Widocznie u jednych się to sprawdza u innych nie. Dlatego każdy sam powinien to sobie sprawdzić jak to lepiej wychodzi. Napewno niema tyle chwastów po jesiennym zabiegu na wiosnę i nietrzeba się martwić tym że Sypie się N a tam przy okazji chwasty sobie rosną.

  • Like 1
Opublikowano

Jeśli siejesz np 100kg/ha nasion we wczesnych terminach to bez jesiennego zabiegu zapomnij o 10t/ha. Jeśli siejesz 3x tyle lub i późno możesz czekać do wiosny.

  • Like 1
Opublikowano
10 godzin temu, dzikiWschód napisał:

sieje ostroge od 4lat i najwięcej dała mi 7t ale fakt średnio wychodzi ok 5.5t

Ostroga jest dobrą odmianą ale późną i tego roczne upały zredukowały plon ostrogi do 5 i nawet 4 ton z 1 ha .

Jeśli tak będzie gorąco każdego roku to tylko wczesne odmiany maja szansę na wydanie dobrego plonu .

  • Like 1
Opublikowano
2 godziny temu, derek2223 napisał:

Ciekaw jestem jak duże są korzyści z jesiennego odchwaszczania pszenicy... Wiadomo jak zawsze są zwolennicy i przeciwnicy ale ciekawe jaki ma to faktyczny wpływ na pszenicę. Bo z tego co czytam na forum (i rozmawiam na żywo ze znajomymi) to w większości przypadków na wiosnę potrzebna jest korekta. I jak tu niektórzy liczą z korektą ok 140 zł. Robiąc zabieg wiosenny np. Lancetam wychodziło w tym roku chyba 135 zł i za jednym przejazdem temat do żniw załatwiony. Pozostaje tylko pytanie jaki ma to wpływ na kondycję pszenicy i ewentualną utratę składników pokarmowych, które pobrały chwasty. Ale z drugiej strony zaoszczędzony czas oraz brak konieczności wdychania kolejny raz chemii też mają swoje plusy... Ja jakość nie mogę przekonać się do odchwaszczania jesiennego nie widząc naocznie różnicy w zbożach ( może oczywiście na wadze widać jakąś różnicę tego nigdy nie porównam). 

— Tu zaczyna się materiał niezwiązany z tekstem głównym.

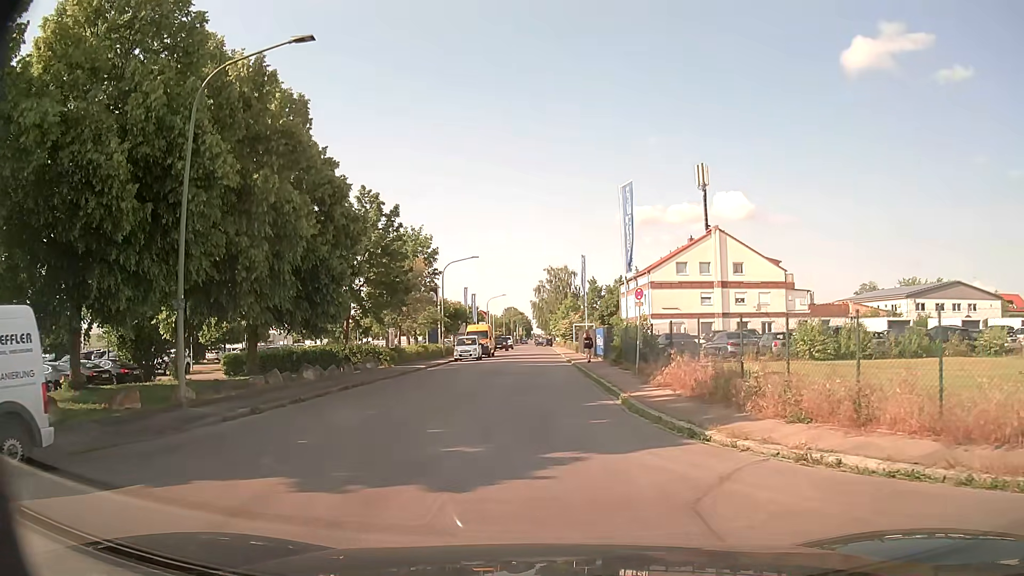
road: residential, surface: asphalt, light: Day
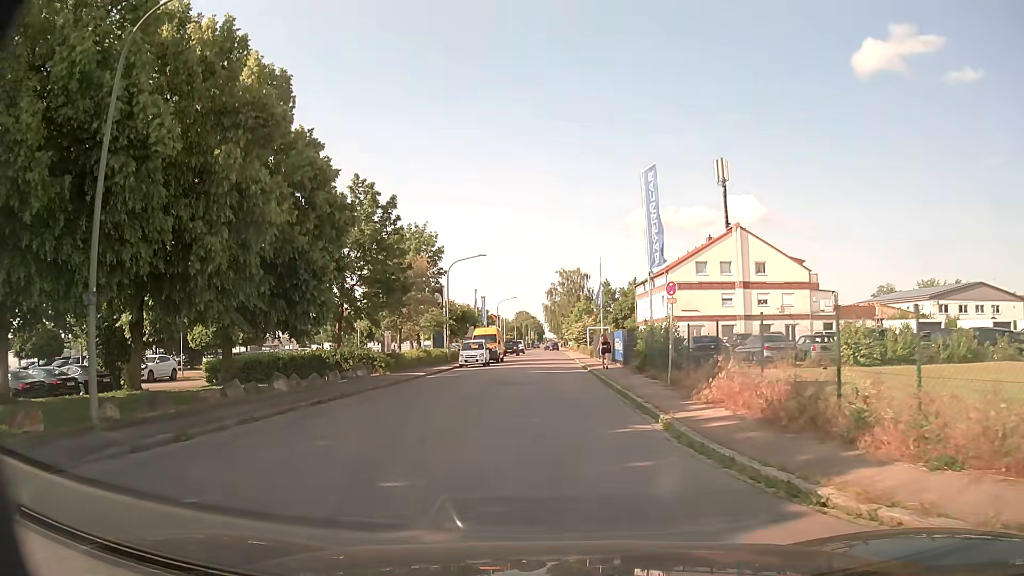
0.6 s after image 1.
(0.0, +3.7) m; -1°
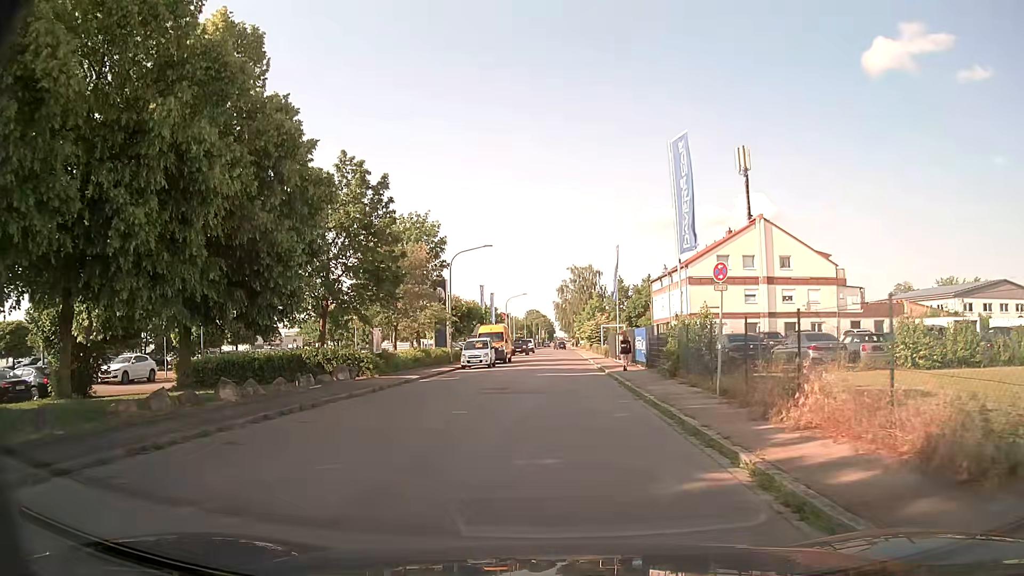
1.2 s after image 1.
(0.0, +4.1) m; -1°
(0, +10) (0, +20) (+1, +30) (+1, +40) (+1, +50) (+1, +60) (+2, +70) (+2, +80) (+2, +90) (+2, +100) m

Można się zmieścić w 100 zł jeśli nie ma chabra.W moim przypadku nie wyobrażam sobie aby zabieg robić wiosną ,jeśli pszenica jest siana po rzepaku.Jesień bywa długa i zamiast pszenicy miałbym rzepaczysko

  • Like 1
Opublikowano

Nie próbujcie wszystkich zasiewów traktować w ten sam sposób Różne są przedplony i różna presja chwastów Często jesień nie pozwala wykonać zabiegu bo na ciężkich ziemiach wystarczy odrobina deszczu i nie ma wjazdu Przede wszystkim  zabieg ma mieć uzasadnienie ekonomiczne i dla paru chwaścików nie robi się zabiegu jesienią a wiosną powtarza bo dopiero wschodzą dlatego każdą działkę trzeba ocenić   osobno a nie na zasadzie że sąsiad pryska to i ja

Opublikowano

Tylko że jesienne zabiegi mają także działanie doglebowe, ziemia najczęściej ma odpowiednią wilgotność, nie jest zakryta roślinami, co gwarantuje dobre pokrycie. 

Więc jesienne stosowanie ma sens i jest uzasadnione.

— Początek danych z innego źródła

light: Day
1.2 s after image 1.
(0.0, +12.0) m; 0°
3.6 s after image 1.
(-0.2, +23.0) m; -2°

Ja parę lat temu spróbowałem i nie zamierzam zrezygnować.

Opublikowano
12 godzin temu, ansu napisał:


Właśnie napisałem, że nie ma co ładować bo większy zysk jak podejdziemy do sprawy łagodnie.

Bizon to lipiec/sierpień

To było do postu wyżej niż twój :D

30 minut temu, ansu napisał:

Niestety ostrożeń skrzyp to tylko wiosną można powalczyć. W zasadzie poprawki tylko tam.

Dorzuć jeszcze głuchy owies. A jak sucha jesień to często poprawka wiosną murowana, dlatego każdy ma inną strategię

Opublikowano (edytowane)

Co by nie przedłużać. Jak ktoś ma słabą ziemię lub nie chce inwestować ponad miarę i chce coś zarobić, a nie mieć tylko rekordowy plon to Ostroga to bardzo ładna gruba pszenica odporna na wymarzanie.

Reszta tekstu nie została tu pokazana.